Maintaining her busy pace of operations, Naos departed Guadalcanal for the Admiralties. She operated out of Manus between 30 September and 25 October, thence sailed the next day to carry troop reinforcements and supplies to the Palaus. She reached Kossol Passage 31 October, and for more than a month she operated in coastal waters off the northern Palaus. During yet another tropical storm 8 November, Naos sent a volunteer crew to rescue 26 men from which was thrown upon a reef by heavy seas. Early in December she embarked 1,114 troops and loaded US Army tanks at Angaur and Peleliu before departing in convoy 8 December. Steaming via the Russell Islands, she returned to Nouméa 22 December. Four days later she resumed shuttle runs which continued throughout the South Pacific for the next five months.

=== 1945–1946 ===
After embarking Seabee units at Nouméa, Naos sailed for Okinawa 15 May 1945. She touched at bases in the Solomons, the Marshalls, and the Western Carolines and finally arrived off Hagushi Beach, Okinawa, 11 July. She completed discharge and reload operations later that month, and on 29 July, she joined a 65-ship convoy bound for the Marianas. Sailing via Saipan, she reached Pearl Harbor 22 August.

Following the Japanese surrender, Naos returned to the western Pacific carrying repatriated prisoners-of-war and military cargo. She arrived Okinawa 2 October; and, after steaming to avoid Typhoon Louise a week later, she embarked 1,040 troops for return to the United States. She sailed 14 October, and arrived San Francisco 5 November. Naos decommissioned there 6 December 1945, and was returned to the War Shipping Administration (WSA) the same day.

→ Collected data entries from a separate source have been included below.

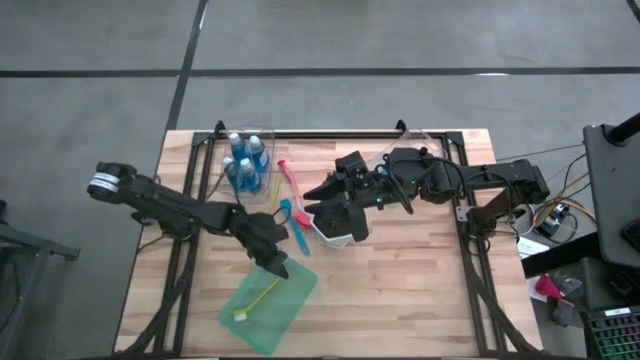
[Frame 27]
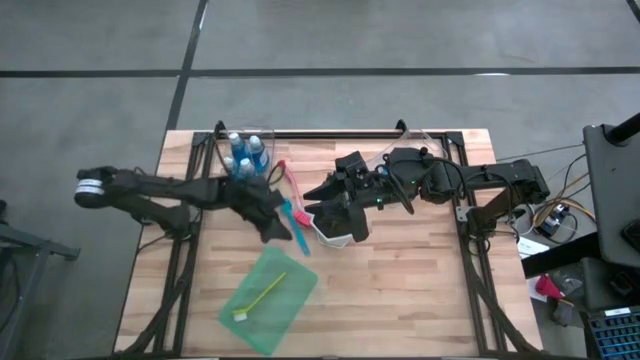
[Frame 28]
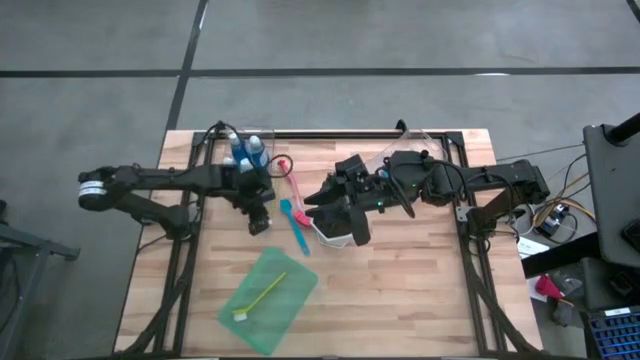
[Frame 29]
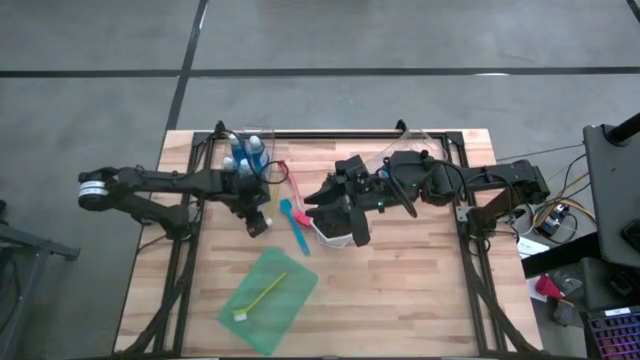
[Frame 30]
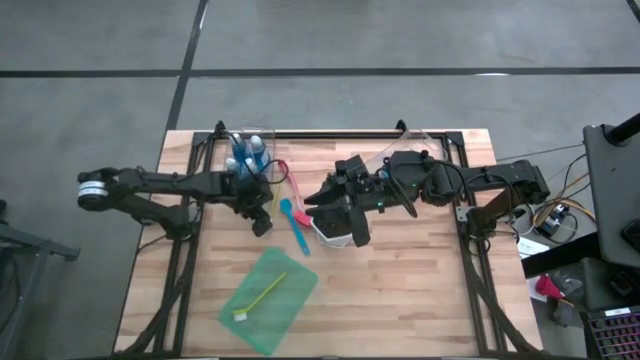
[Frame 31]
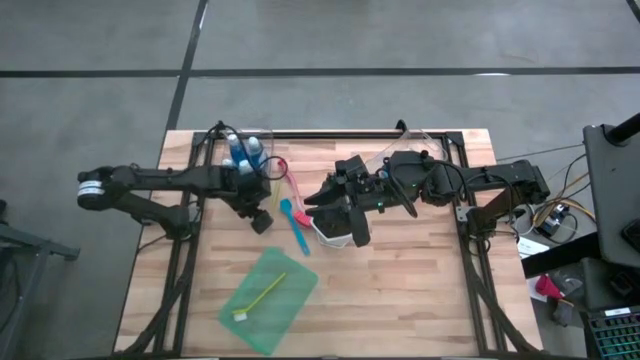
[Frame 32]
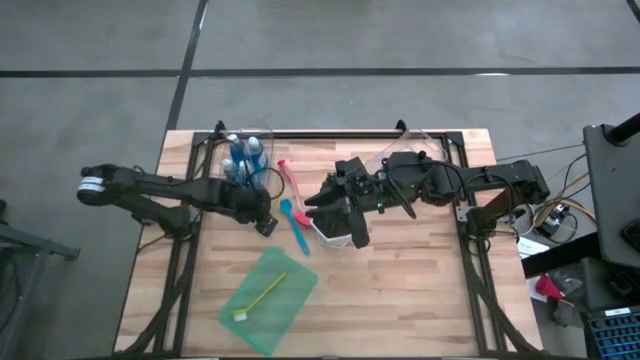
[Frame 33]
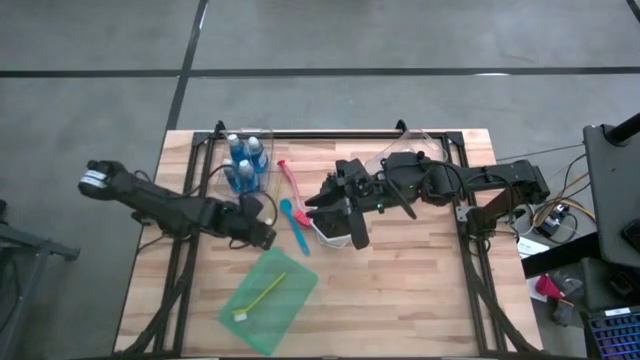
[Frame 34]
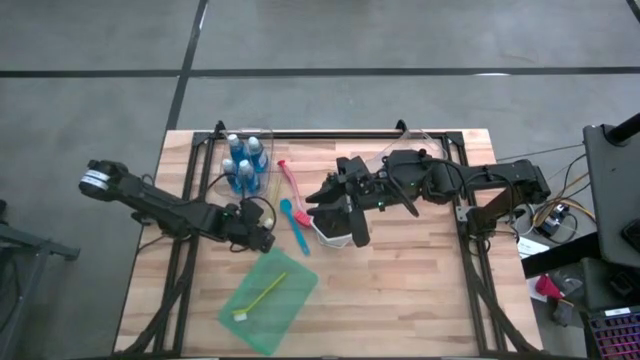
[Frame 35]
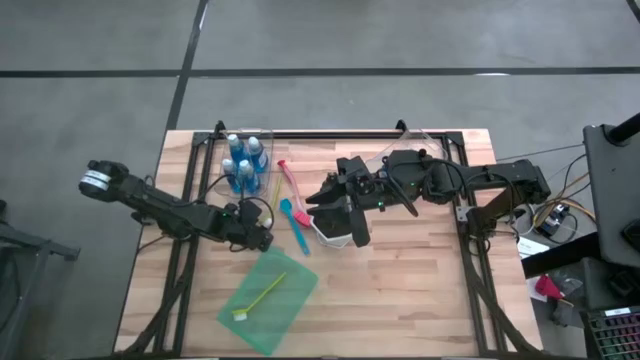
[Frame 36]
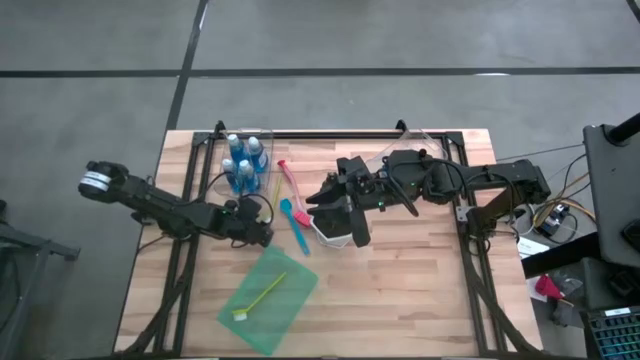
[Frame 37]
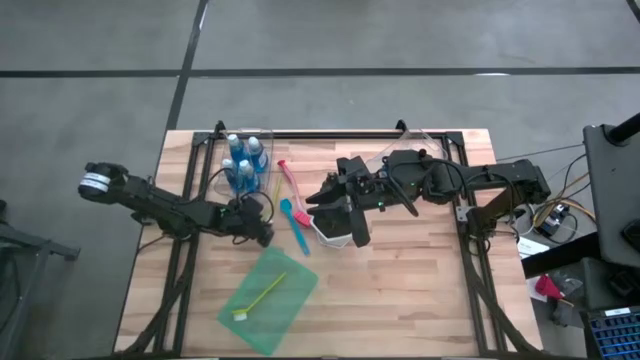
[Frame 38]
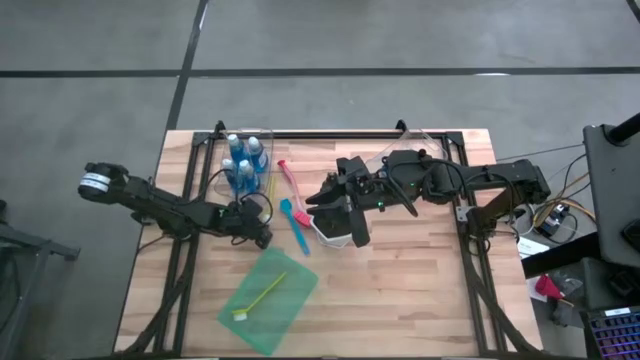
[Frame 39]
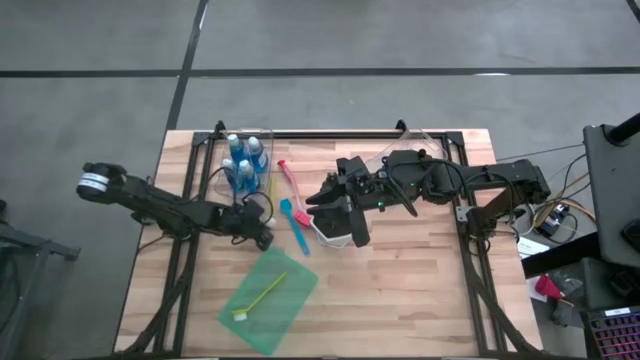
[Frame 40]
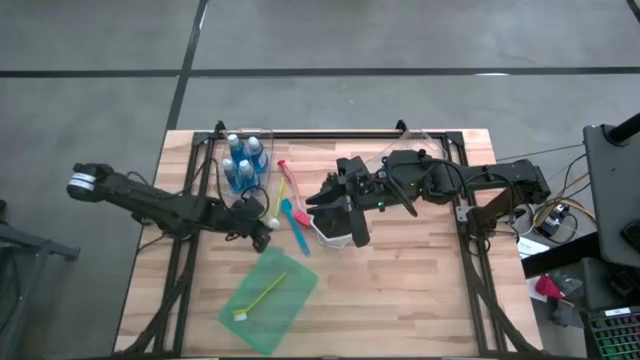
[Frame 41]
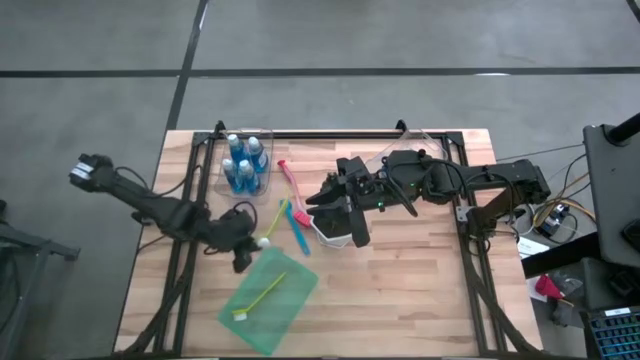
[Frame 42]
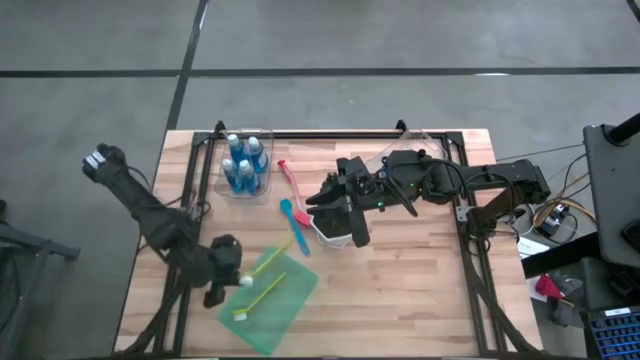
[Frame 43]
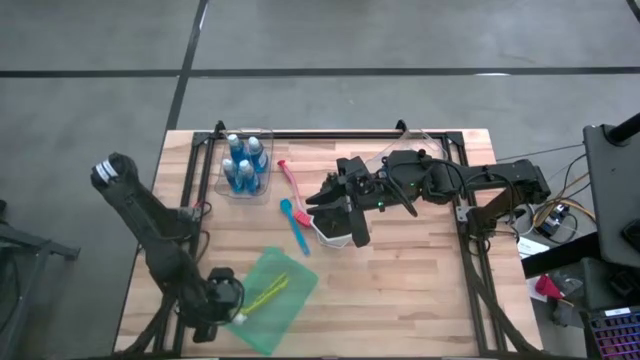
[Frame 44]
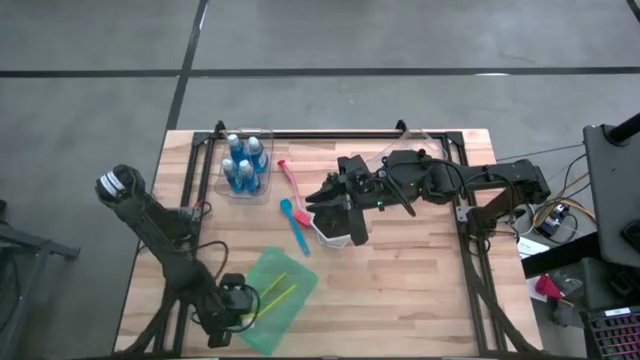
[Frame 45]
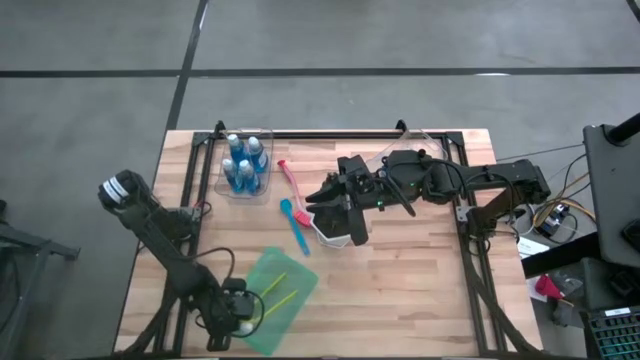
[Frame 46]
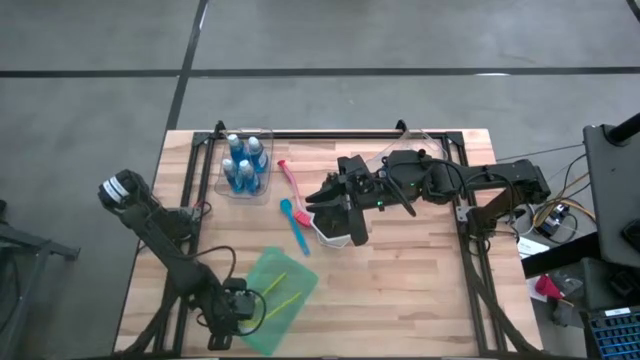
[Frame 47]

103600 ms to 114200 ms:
Put the green dish brush into the green bin

Her name was struck from the Navy List 3 January 1946.

==Fate==
Resuming her original name, William R. Nelson, the ship remained in the National Defense Reserve Fleet, Suisun Bay Group, until purchased by Union Minerals and Alloys Corporation, on 30 June 1969, for $41,680.54. She was physically removed from the Reserve Fleet on 18 February 1970.